Ich muss verrückt sein, jetzt zu erwähnen, dass das mit jcuda.org - Java bindings for CUDA oder jocl.org - Java bindings for OpenCL geht 

Du kannst dich da gerne einlesen. Angefangen beim http://developer.download.nvidia.com/compute/cuda/3_0/toolkit/docs/NVIDIA_CUDA_ProgrammingGuide.pdf und OpenCL Programming Guide for Mac OS X: Introduction über http://www.drdobbs.com/high-performance-computing/207200659;jsessionid=U02VVH5QHGKVNQE1GHPCKH4ATMY32JVN (alle 15 Teile) bis zu http://developer.download.nvidia.com/compute/cuda/3_0/toolkit/docs/NVIDIA_CUDA_BestPracticesGuide.pdf. Ab Juli oder August werde ich dir dann weitere (nicht-Java-Binding-spezifische) Fragen so gut es geht beantworten (auch wenn ich mich mit CUDA und OpenCL eigentlich nicht wirklich auskenne).
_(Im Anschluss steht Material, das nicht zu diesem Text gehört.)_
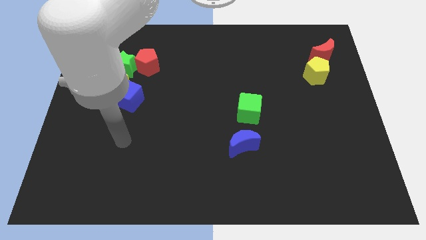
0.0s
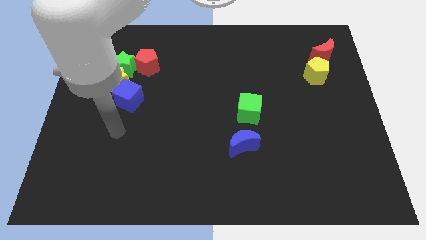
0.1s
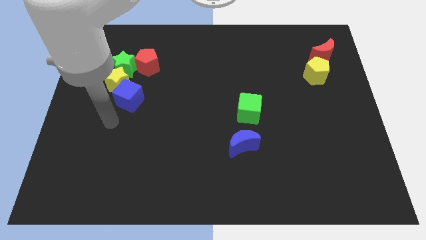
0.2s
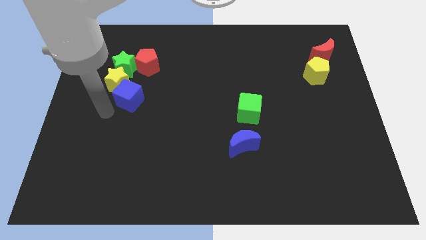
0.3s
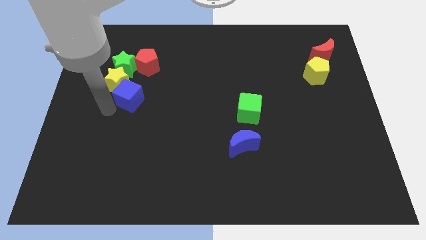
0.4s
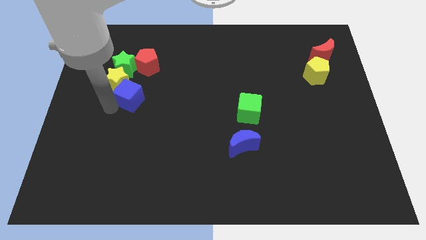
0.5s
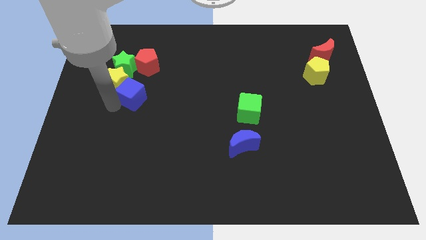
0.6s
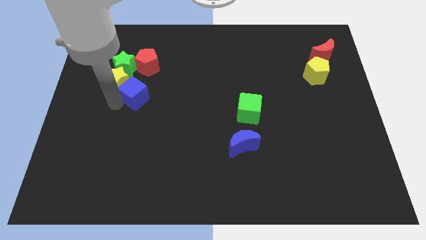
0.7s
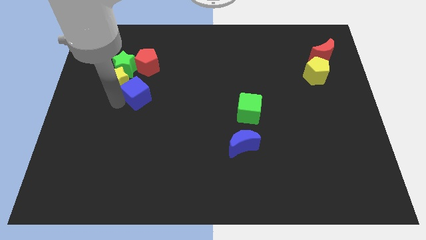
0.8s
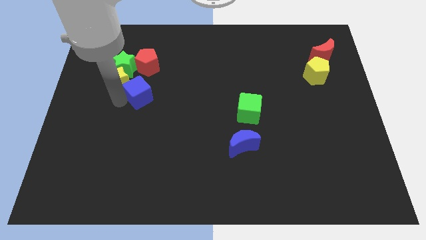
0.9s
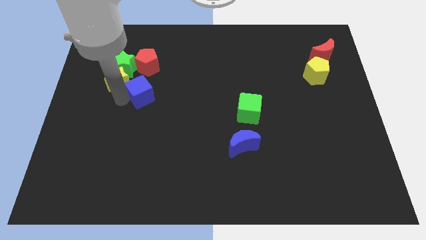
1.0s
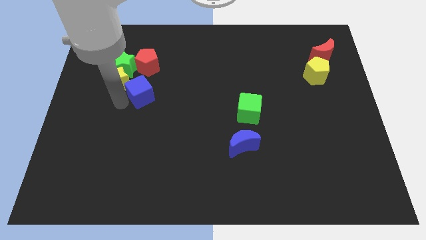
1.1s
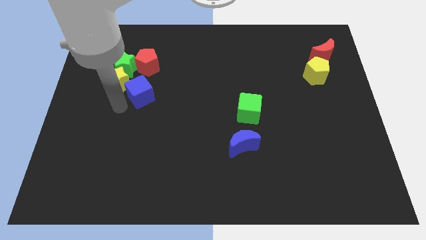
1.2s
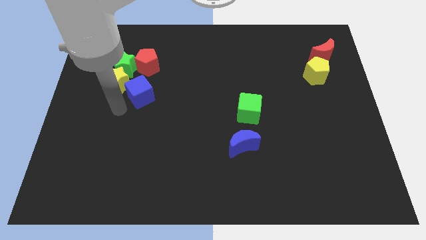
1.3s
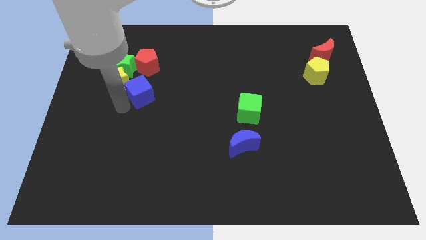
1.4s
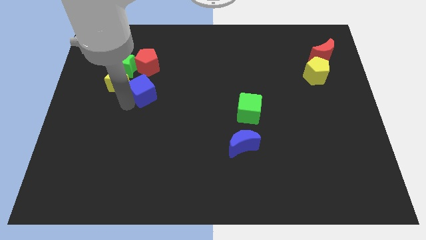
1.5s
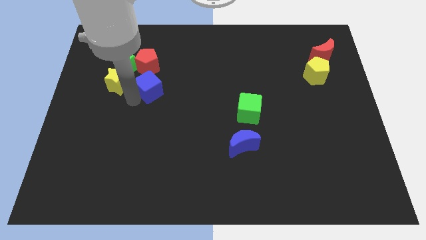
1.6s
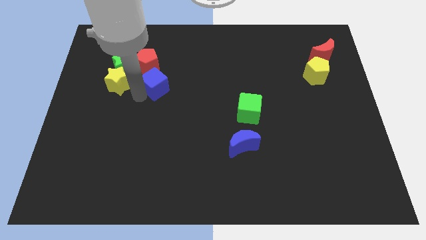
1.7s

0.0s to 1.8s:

Aber vielleicht erbarmt sich ja vorher schon jemand anderes


----------



## Guest2 (11. Apr 2010)

Moin,



Marco13 hat gesagt.:


> Ich muss verrückt sein, jetzt zu erwähnen, dass das mit jcuda.org - Java bindings for CUDA oder jocl.org - Java bindings for OpenCL geht



Respekt! Ich glaube ich hätte nur ein schwammiges "das geht nicht so einfach" geantwortet.  

Dürfte auf jeden Fall wieder spannend werden. Ich freu mich schon. 

Gruß,
Fancy


----------



## Bergtroll (18. Jul 2010)

Besser auf OpenCL (und JOCL :bae warten, oder mit den JOGL Bindings selbst Hand anlegen, Algorithmen gibts massig unter GPGPU.org :: General-Purpose computation on Graphics Processing Units


----------



## Marco13 (18. Jul 2010)

Warum warten? JOCL gibt's schon, sogar mehrere  (und das "G" war wohl ein Tippfehler?). Natürlich wäre eine ... "nahtlosere" Integration in Java schöner. Mit Michael Bien's JOCL (oder auch Olivier Chafik's JavaCL) hat man zumindest schonmal eine schöne OO-Abstraktion von OpenCL. Aber ... an weiterem... wird gearbeitet feif: ...


----------



## Bergtroll (18. Jul 2010)

Öcht? Gibts schon? Irgendwie hatte ich vor nur nem knappen Jahr mal gesucht, da sah das alles noch so unausgegoren aus. Das "G" im JOGL war in diesem Fall aber übrigens kein Tippfehler. Der Fragesteller hatte ja nach Möglichkeiten gefragt, auf der GraKa zu rechnen. CUDA, OpenCL etc. sind ja im Prinzip die kommerzialisierte Folge von GPGPU Techniken und diese lassen sich durch eine beliebige GraKa Schnittstelle, z.B. JOGL und begrenzt auch durch Java3D (begrenzt weils nicht mehr weiterentwickelt wird und somit aktuelle Shadermöglichkeiten nicht vorhanden sind) auch anwenden.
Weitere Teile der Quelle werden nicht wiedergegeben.